Stored data entries:
=== Section Start ===

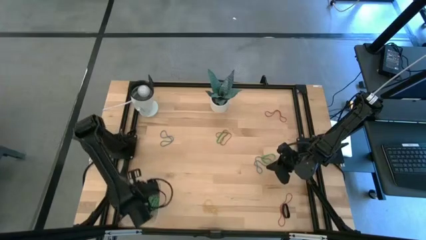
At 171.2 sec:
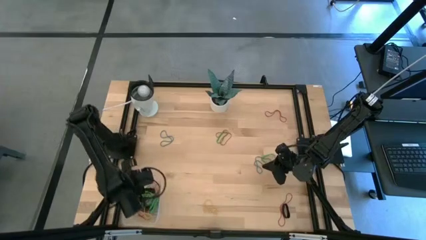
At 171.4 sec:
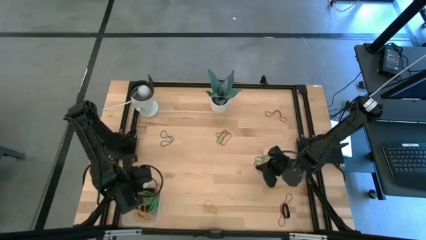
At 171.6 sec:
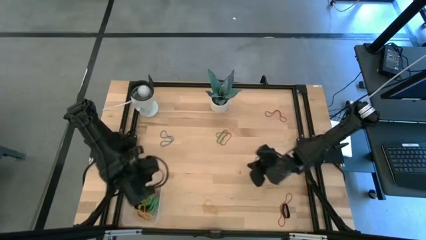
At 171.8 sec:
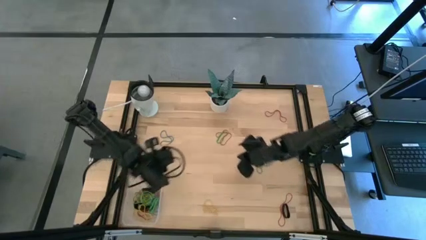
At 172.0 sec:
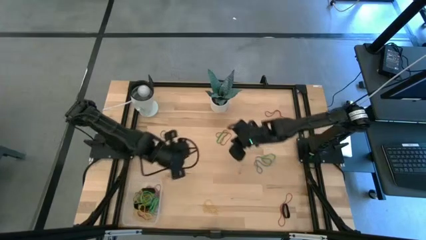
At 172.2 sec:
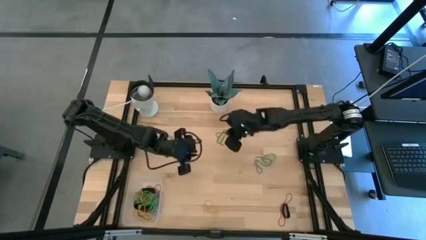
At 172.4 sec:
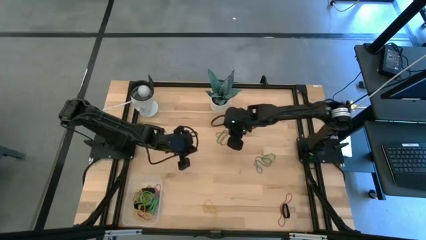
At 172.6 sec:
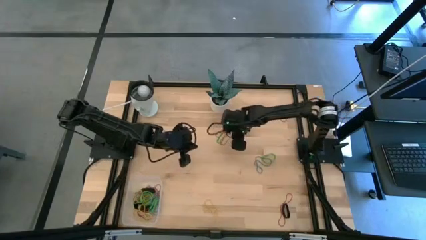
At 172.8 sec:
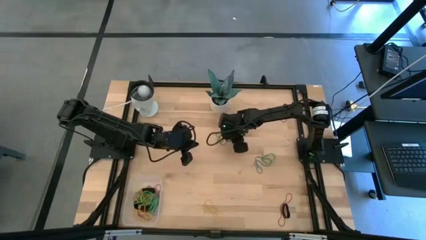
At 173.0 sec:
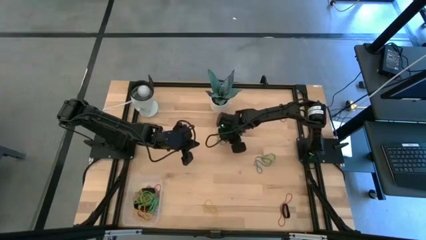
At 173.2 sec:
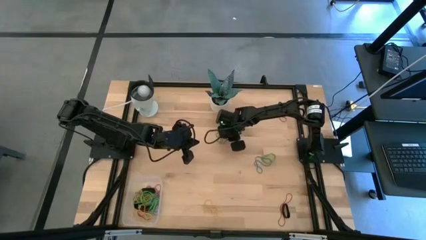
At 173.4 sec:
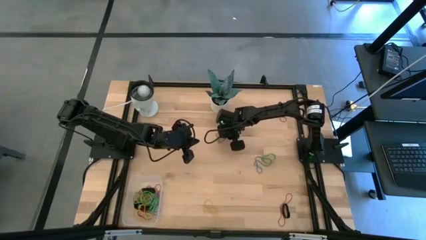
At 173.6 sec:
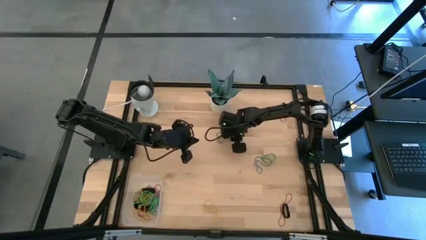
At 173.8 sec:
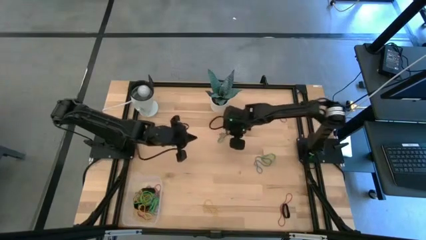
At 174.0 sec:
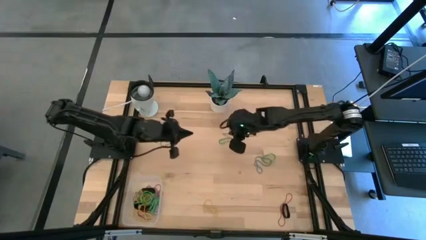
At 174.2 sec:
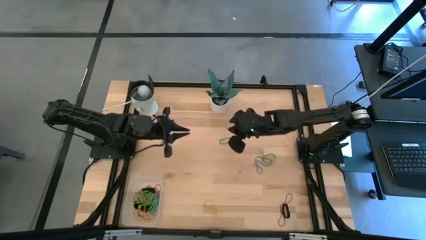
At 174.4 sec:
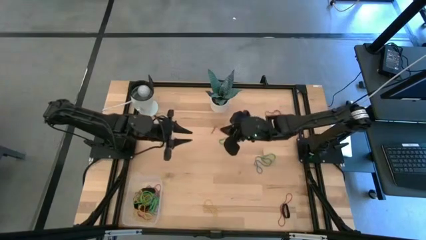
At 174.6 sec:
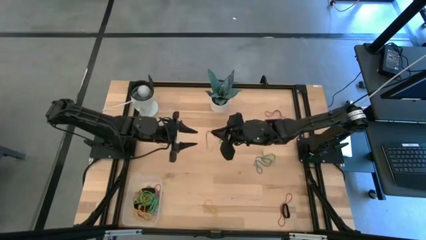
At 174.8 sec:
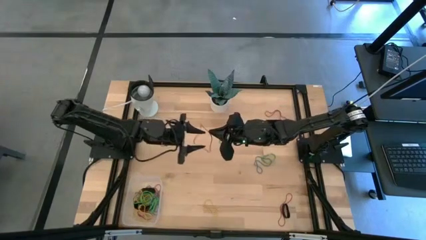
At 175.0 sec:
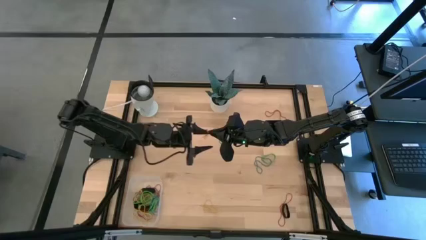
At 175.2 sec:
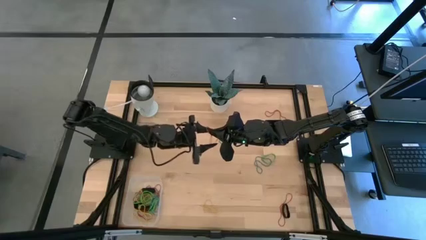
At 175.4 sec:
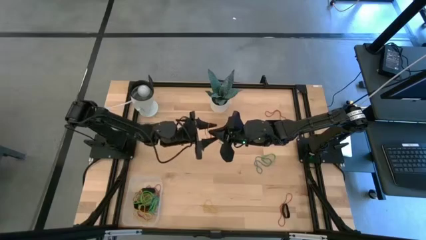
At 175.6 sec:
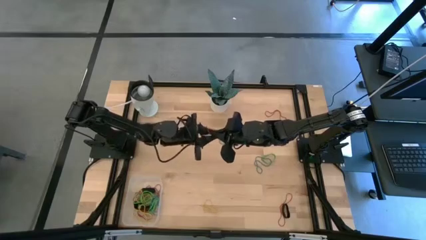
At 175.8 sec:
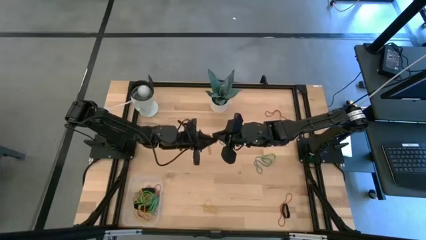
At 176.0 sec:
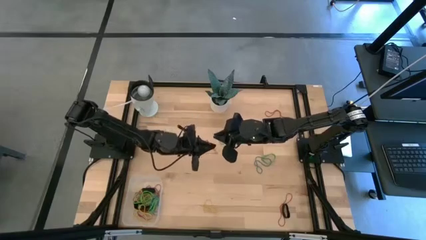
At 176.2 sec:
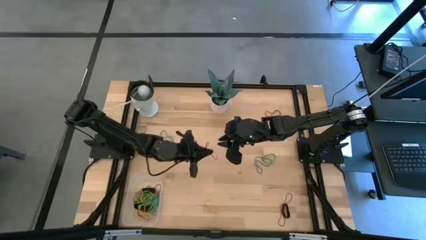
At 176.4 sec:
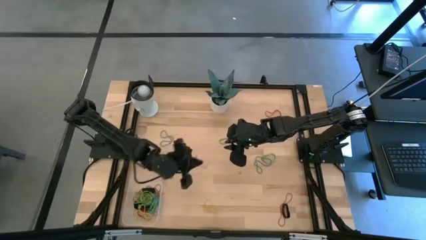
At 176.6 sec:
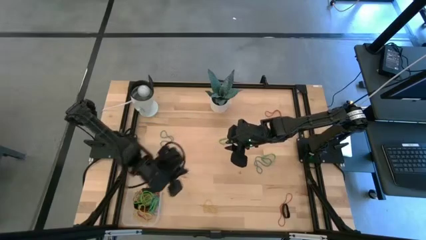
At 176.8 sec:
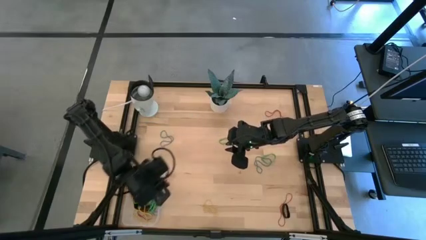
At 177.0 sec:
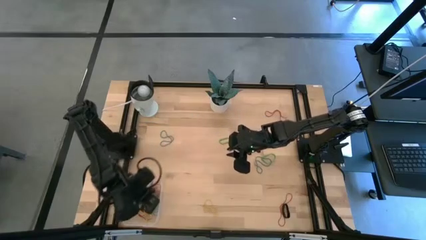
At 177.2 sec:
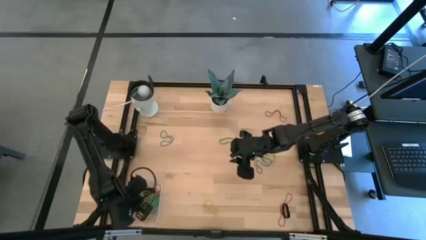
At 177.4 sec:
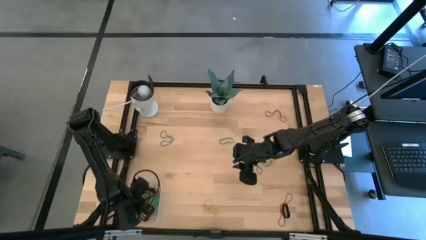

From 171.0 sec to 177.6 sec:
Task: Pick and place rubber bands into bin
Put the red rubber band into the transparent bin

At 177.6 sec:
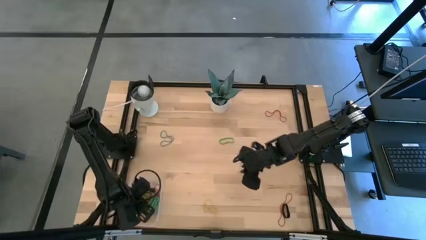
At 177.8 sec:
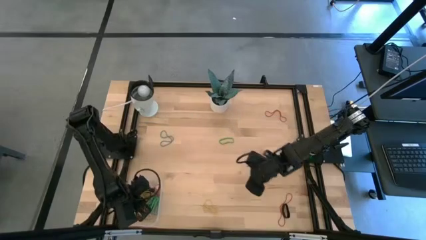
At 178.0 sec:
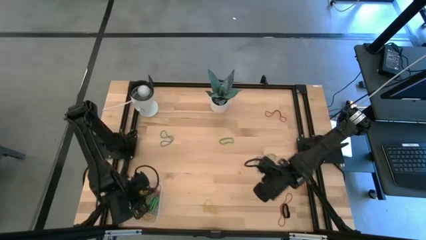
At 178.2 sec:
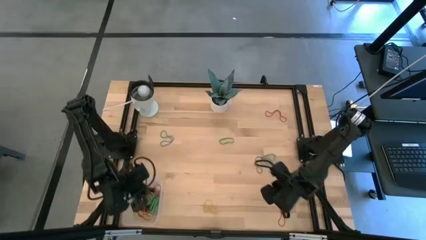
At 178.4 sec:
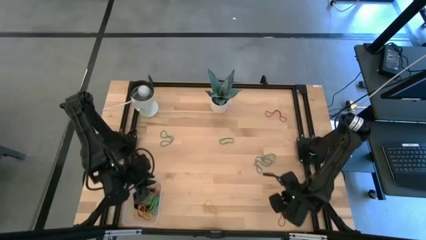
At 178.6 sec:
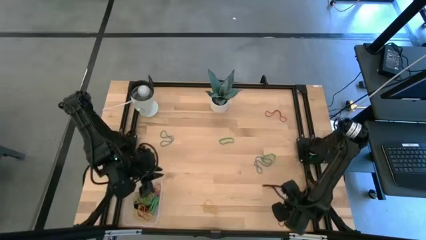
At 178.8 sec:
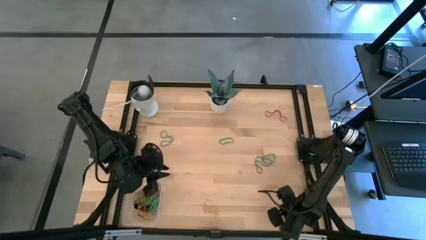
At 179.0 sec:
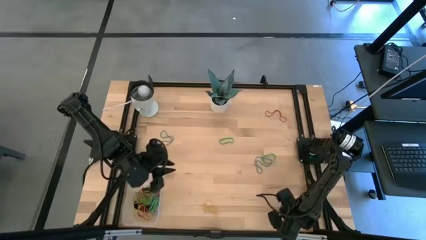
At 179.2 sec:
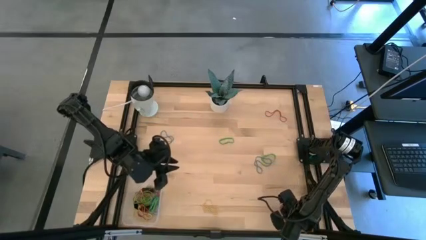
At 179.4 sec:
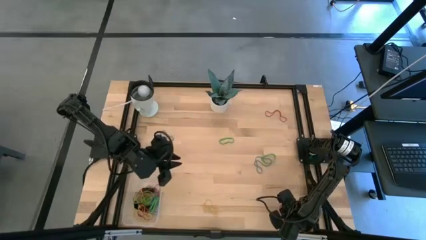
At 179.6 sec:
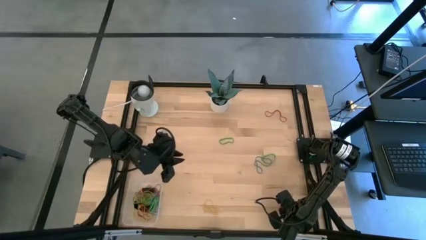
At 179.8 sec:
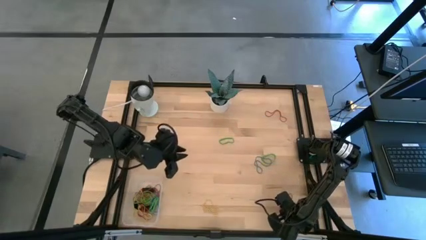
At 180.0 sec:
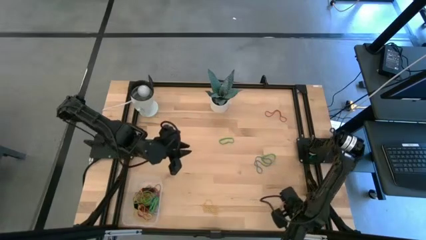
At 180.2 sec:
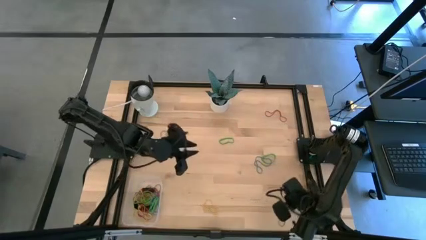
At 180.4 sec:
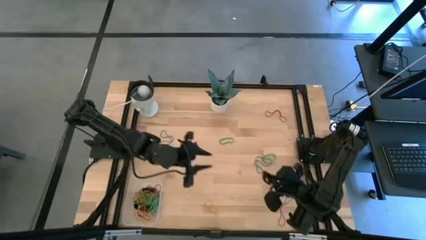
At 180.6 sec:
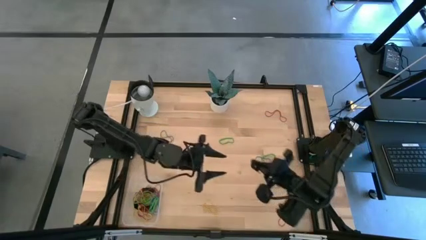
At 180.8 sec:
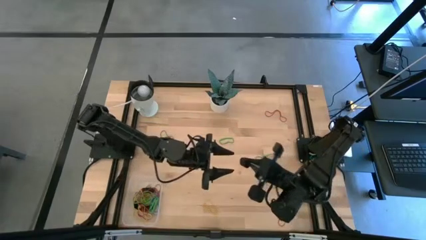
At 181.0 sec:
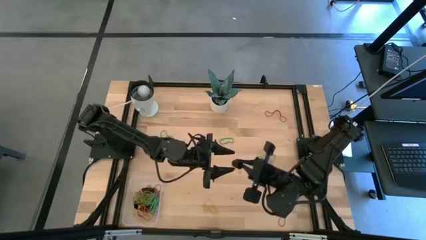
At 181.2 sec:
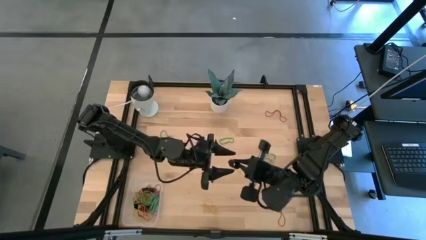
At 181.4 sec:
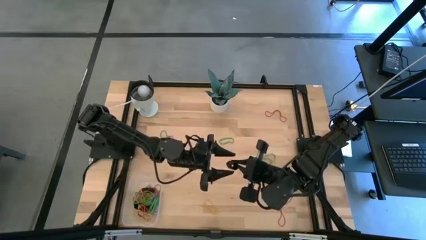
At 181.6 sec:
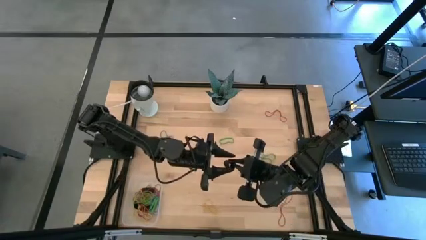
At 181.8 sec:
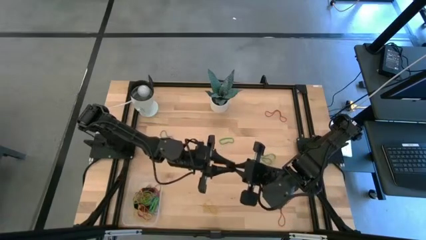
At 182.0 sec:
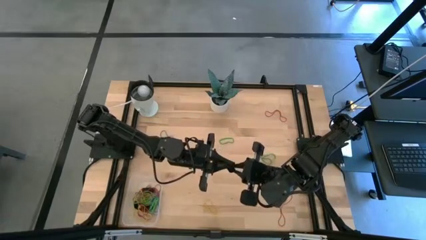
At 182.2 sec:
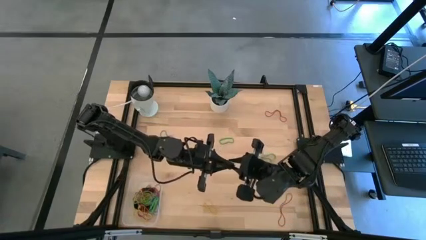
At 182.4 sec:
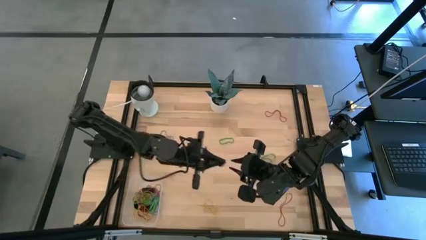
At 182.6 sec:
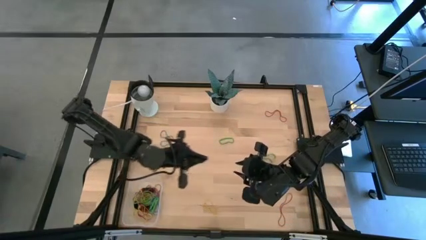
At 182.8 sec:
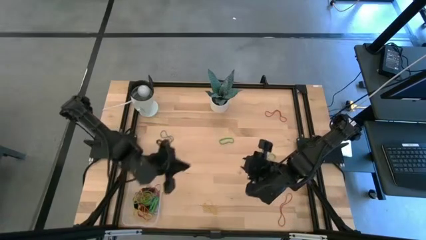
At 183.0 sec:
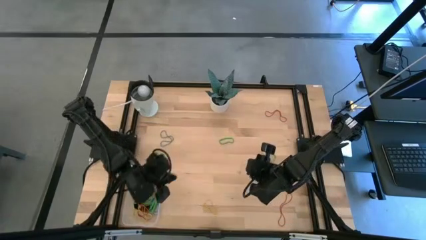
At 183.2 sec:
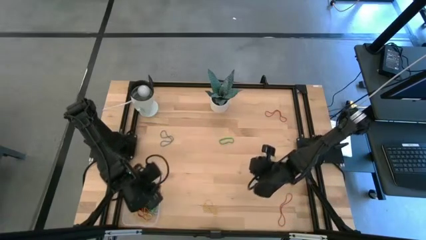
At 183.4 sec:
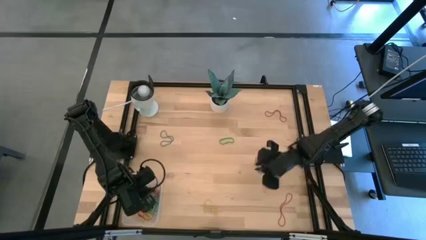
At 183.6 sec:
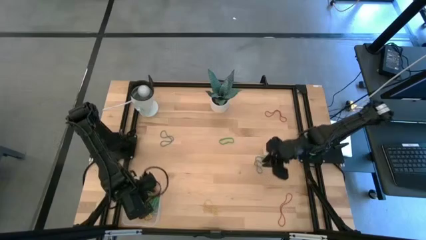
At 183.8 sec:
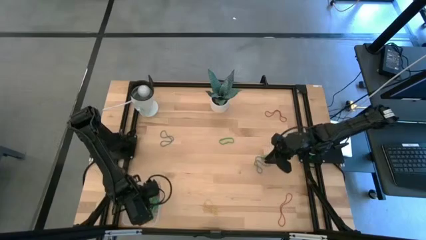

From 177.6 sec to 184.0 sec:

=== Section End ===

HOW TO COMPLETE THIS TASK:
Write out all the records again, exactly, minus any pictures.

ANSWER AREA:
At 171.2 sec:
At 171.4 sec:
At 171.6 sec:
At 171.8 sec:
At 172.0 sec:
At 172.2 sec:
At 172.4 sec:
At 172.6 sec:
At 172.8 sec:
At 173.0 sec:
At 173.2 sec:
At 173.4 sec:
At 173.6 sec:
At 173.8 sec:
At 174.0 sec:
At 174.2 sec:
At 174.4 sec:
At 174.6 sec:
At 174.8 sec:
At 175.0 sec:
At 175.2 sec:
At 175.4 sec:
At 175.6 sec:
At 175.8 sec:
At 176.0 sec:
At 176.2 sec:
At 176.4 sec:
At 176.6 sec:
At 176.8 sec:
At 177.0 sec:
At 177.2 sec:
At 177.4 sec:

From 171.0 sec to 177.6 sec:
Task: Pick and place rubber bands into bin
Put the red rubber band into the transparent bin

At 177.6 sec:
At 177.8 sec:
At 178.0 sec:
At 178.2 sec:
At 178.4 sec:
At 178.6 sec:
At 178.8 sec:
At 179.0 sec:
At 179.2 sec:
At 179.4 sec:
At 179.6 sec:
At 179.8 sec:
At 180.0 sec:
At 180.2 sec:
At 180.4 sec:
At 180.6 sec:
At 180.8 sec:
At 181.0 sec:
At 181.2 sec:
At 181.4 sec:
At 181.6 sec:
At 181.8 sec:
At 182.0 sec:
At 182.2 sec:
At 182.4 sec:
At 182.6 sec:
At 182.8 sec:
At 183.0 sec:
At 183.2 sec:
At 183.4 sec:
At 183.6 sec:
At 183.8 sec:

From 177.6 sec to 184.0 sec:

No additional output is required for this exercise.